= 2017–18 Biathlon World Cup – Pursuit Women =

The 2017–18 Biathlon World Cup – Pursuit Women started on Sunday 3 December 2017 in Östersund and will finish on Saturday 24 March 2018 in Tyumen. The defending titlist is Laura Dahlmeier of Germany.

==Competition format==
The 10 km pursuit race is skied over five laps.
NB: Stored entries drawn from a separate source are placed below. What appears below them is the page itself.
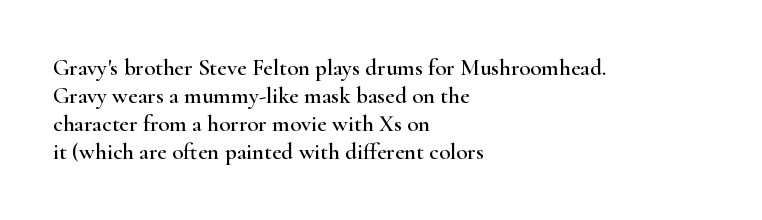
{"italic": "no", "underline": "no", "align": "left", "line_spacing_ratio": 1.22, "letter_spacing": "normal", "letter_spacing_em": 0.0, "glyph_px": 23}
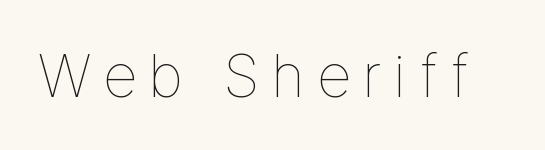
Q: Is the text bold? A: No.
Q: Is the text italic (slanted)? A: No, it is upright.
Q: Is the text underlined? A: No.
Q: Width (condensed, normal, or wide)? A: Normal.
Q: Stroke contrast? A: Low.
Q: x-height? A: Medium.
Q: Monospaced? A: No.
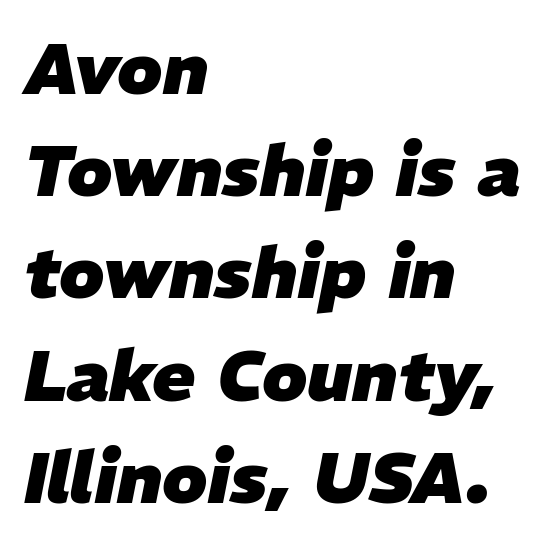
Q: Is the text bold? A: Yes.
Q: Is the text italic (slanted)? A: Yes, it leans right by about 11 degrees.
Q: Is the text underlined? A: No.
Q: How is the paragraph aligned? A: Left-aligned.
Q: Is the spacing between letters normal or unusually wide? A: Normal.
Q: Is the spacing between lines tight, normal or loose? A: Normal.
Q: Width (condensed, normal, or wide)? A: Normal.
Q: Stroke contrast? A: Low.
Q: x-height? A: Medium.
Q: Monospaced? A: No.
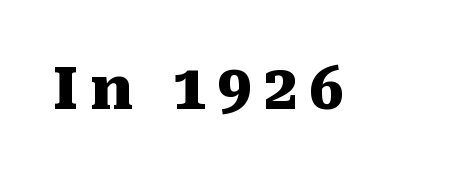
The image shows 60 px heavy serif type, upright; set unusually wide letter spacing (+0.2 em), not underlined; medium stroke contrast and a medium x-height.
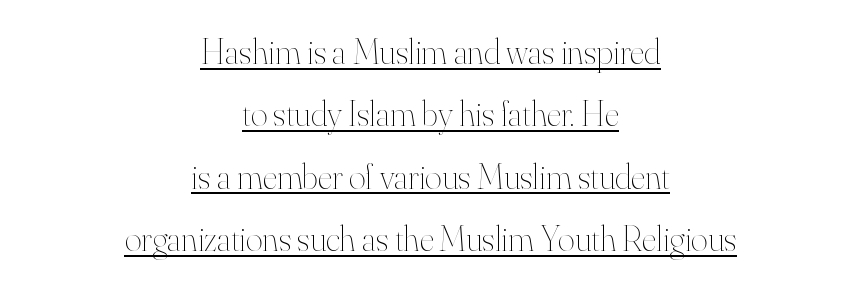
No extra ink here — the face is not bold. The text block is weighted toward neither margin, spreading evenly from the middle. You can tell it's not italic because the verticals are truly vertical. Decoration check: the copy is underlined.
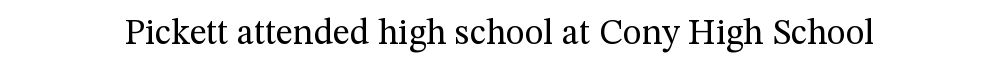
{"serif": "yes", "italic": "no", "bold": "no", "weight": "regular", "width": "normal", "stroke_contrast": "medium", "x_height": "medium", "monospaced": "no", "underline": "no", "letter_spacing": "normal", "letter_spacing_em": 0.0, "glyph_px": 36}

The biathlete shoots four times at any shooting lane, in the order of prone, prone, standing, standing, totalling 20 targets. For each missed target a biathlete has to run a 150 m penalty loop. Competitors' starts are staggered, according to the result of the previous sprint race.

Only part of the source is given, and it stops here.